269. El Curioso Parlante, Escenas matritenses , Imprenta y librería de Gaspar y Roig, 1851.

Tras el Manual de Madrid se especializó en Madrid como género literario: Panorama matritense , Escenas matritenses , El antiguo Madrid , Tipos y caracteres . De estos libros las Escenas matritenses en la edición ilustrada de 1852 son una preciosidad por los grabados al acero, con muchísimo sabor e información, muchos de los cuales se los encargó a Alenza. Jefe de filas del costumbrismo español, que es como decir: menos que nada. Y sin embargo no se puede leer el XIX sin pasar por él, aunque solo sea para llegar a Galdós, que es, con relación a Madrid, la estación Términi, y sin olvidar, claro, que parisino es a parisién lo que madrileño a matritense . Lleno de informaciones valiosas, veraces, de primera mano. Conoció, claro, a todo el mundo. Temperamentalmente era convencional y persona de orden, el que tocara, Fernando VII, Isabel II, Prim, Amadeo, Alfonso XII, Espartero, Cánovas, Sagasta… Cuando hace incursiones en la sicología causa asombro: «El tipo original del madrileño [antaño primitivo, es] arrogante y leal, temerario e indolente, sarcástico y hasta agresivo contra el poder, desdeñoso de la fortuna y de la desgracia, mezcla del fatalismo árabe, del orgullo, del valor y de la inercia castellana». Lo mismo era así cuando lo escribió en 1861 (El antiguo Madrid ), o que se estaba haciendo un selfi.
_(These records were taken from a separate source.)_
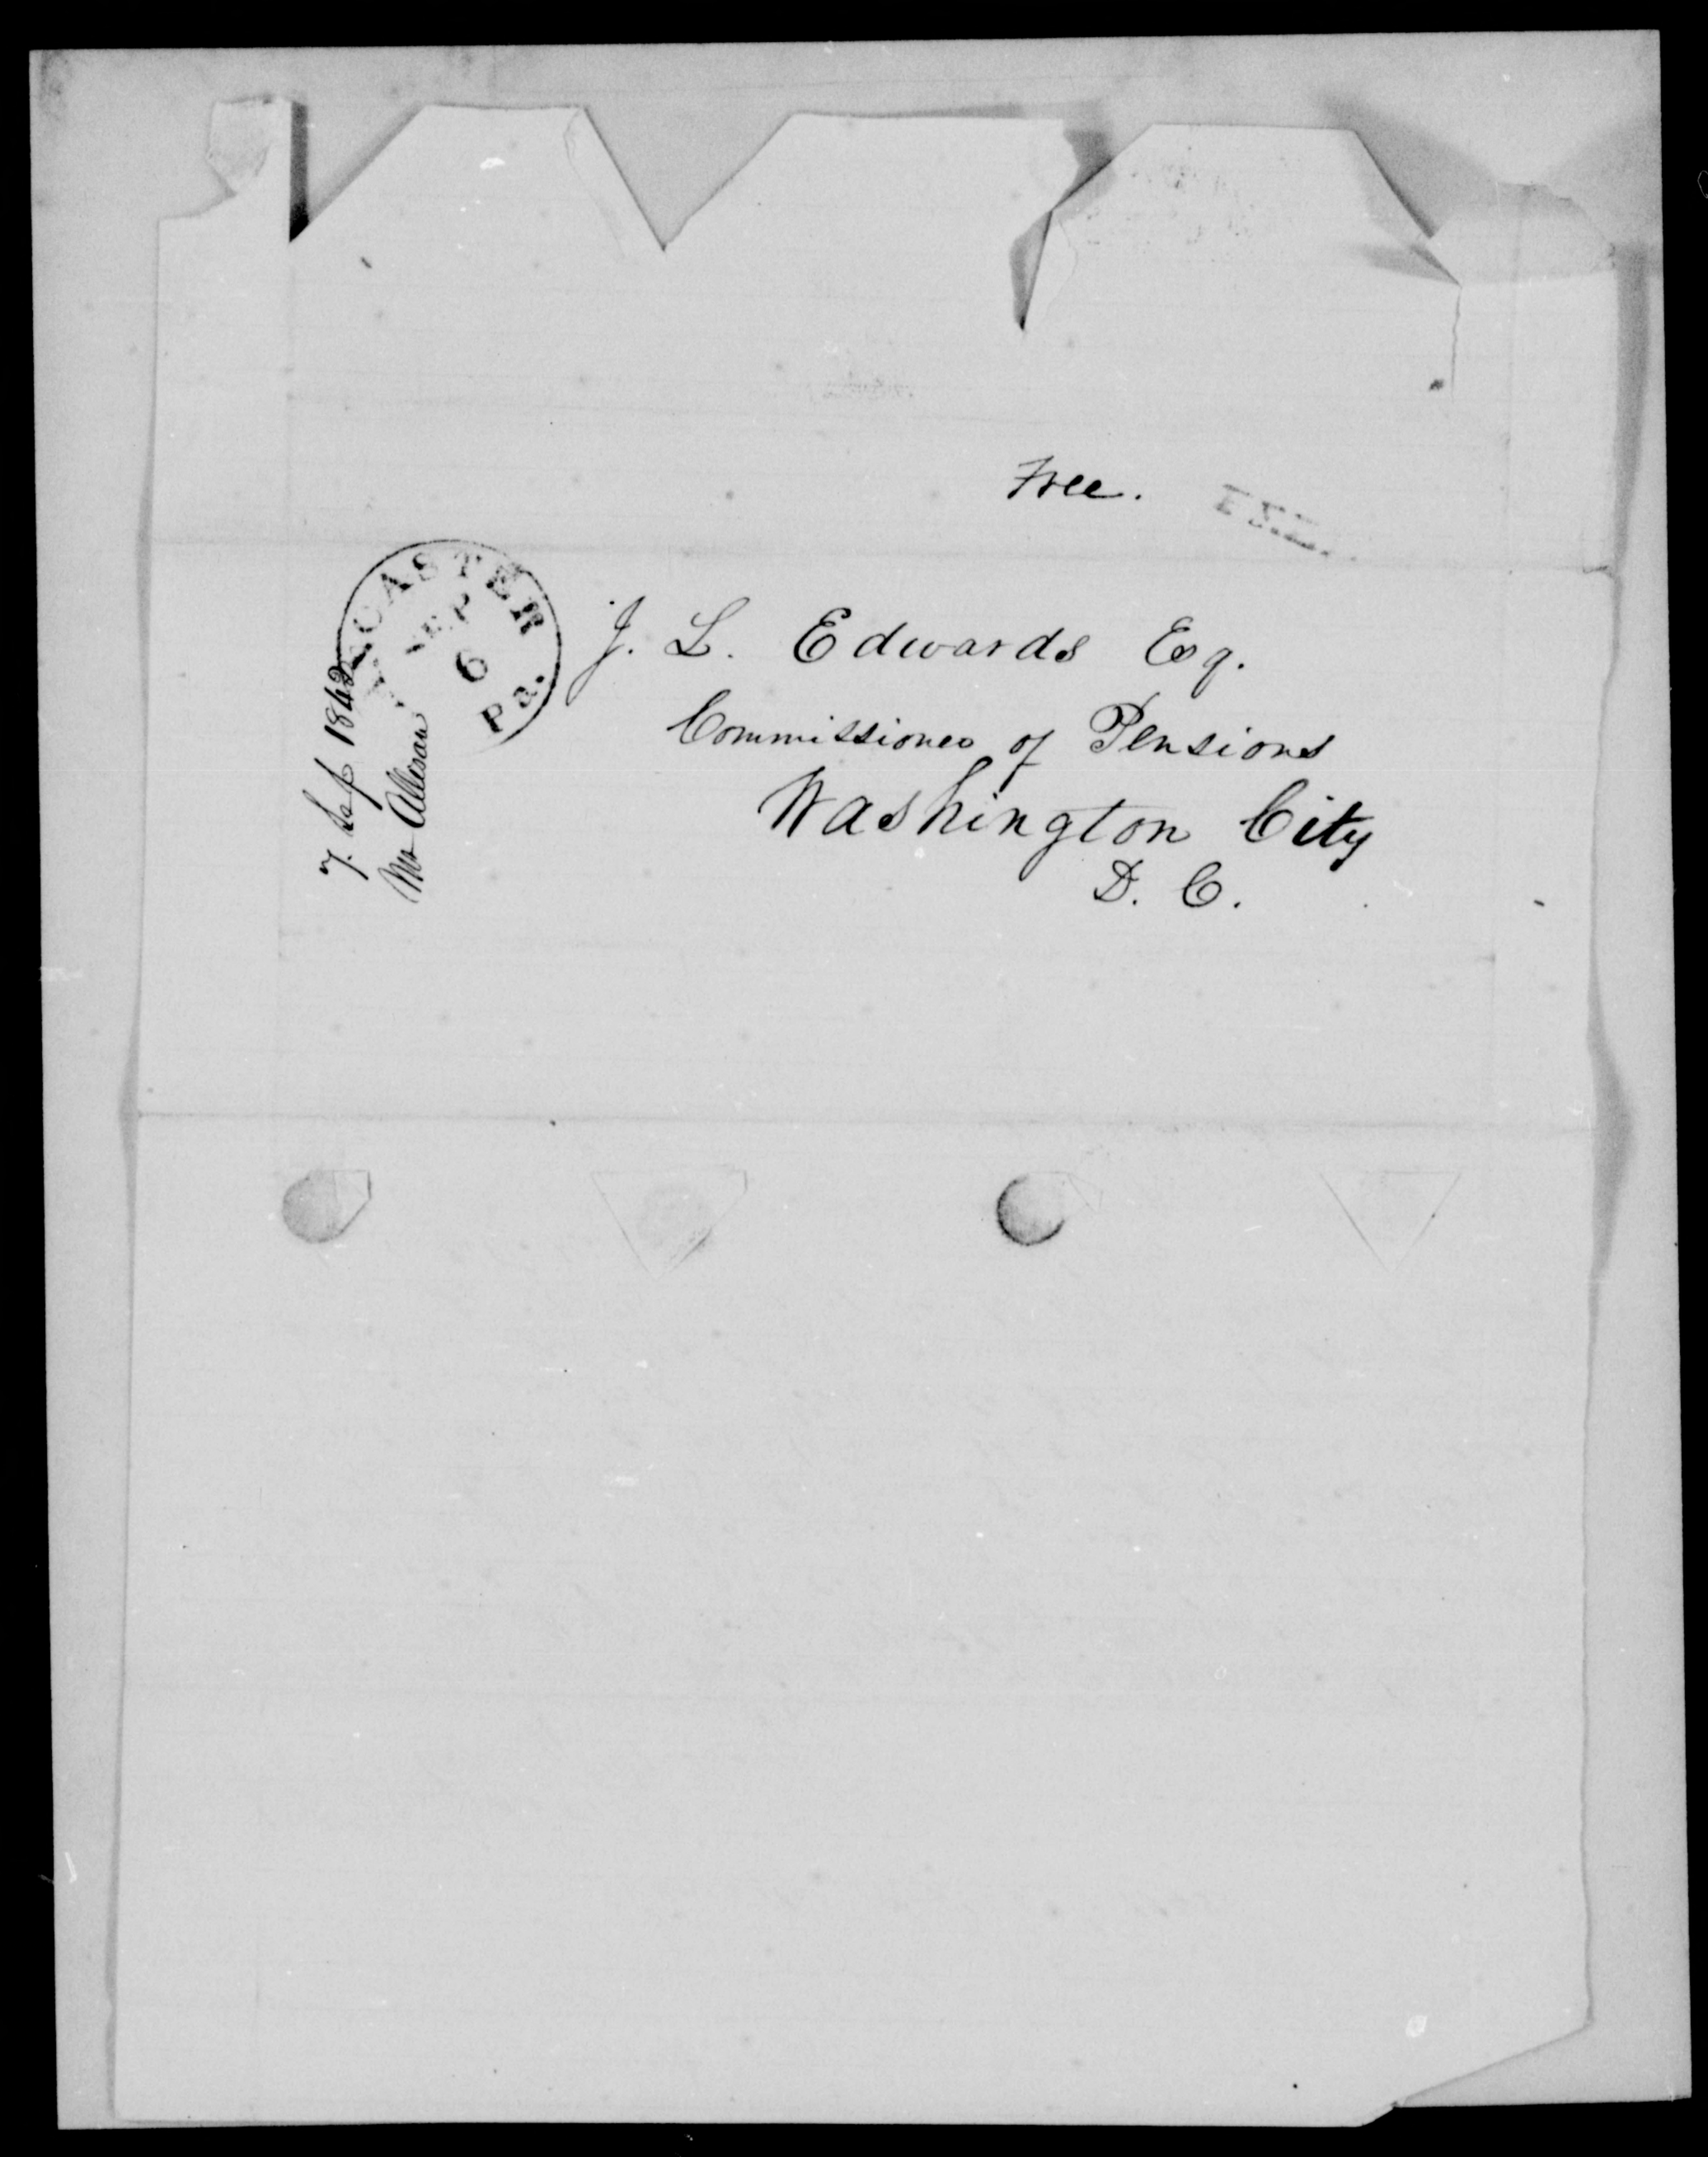[circle stamp]
LANCASTER PA
SEP 6

7 Dep 1842
Mr Allison


Free.
L. Edwards Esq.
Commissioner of Pensions
Washington City
D. C.

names: J L Edwards, Allison
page: 63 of 68
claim: survivor's
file: S. 6,358, George Wentling, Penn.

270-271. Esquivel y Suárez de Urbina, Los poetas contemporáneos… , 1846. Entre ellos, Mesonero. El gran cuadro del romanticismo español, que en aquel entonces era como decir madrileño. Fue este cuadro el que acaso le llevó a decir a cierto vate bilioso que en el romanticismo español todos, excepto Bécquer, se llamaban García. Al siglo XIX español le faltan aún unos años para ser redescubierto, como al XX otros tantos para que se le desenmascare. Y cubierta de El antiguo Madrid , de Mesonero Romanos, 1861.

Ni simpatiza ni sintoniza con nada ni con nadie, y en el fondo todos le jeringan un poco, muy a gusto consigo mismo. Sus creaciones no suelen tener alma, devorado por la prosa de boletín. Madrid le debe mucho más de lo que le debe a nadie de su tiempo, como él mismo se encargó de contar en sus Memorias : «la nueva numeración de las casas; la rotulación de las calles, iniciando la reforma del empedrado [haciendo que el pavimento fuese convexo y no cóncavo, como hasta entonces, para que las aguas discurrieran por los extremos y no por el centro] y aceras elevadas; la renovación del alumbrado por reverberos; la desaparición de tinglados y cajones de ventas en las plazas; la de los basureros de los portales y el nuevo sistema de limpieza», así como la creación de la Caja de Ahorros. Ya era rico de familia, pero aún se hizo más rico comprando y vendiendo solares en la ciudad, y edificándolos (quiso también que se urbanizara el Retiro con un barrio residencial para familias acomodadas), pues tenía la idea que tienen todos los concejales de sí mismos, a saber, que cuentan con mucho más criterio histórico, urbanístico y artístico que los alcaldes, como el marqués de Pontejos, que le había encomendado todas esas reformas y a quien se lo agradeció con este navajazo: «Fue el que inició una verdadera revolución de la cultura [en 1835 y a través de mí], sin ser hombre de grandes estudios ni conocimientos superiores».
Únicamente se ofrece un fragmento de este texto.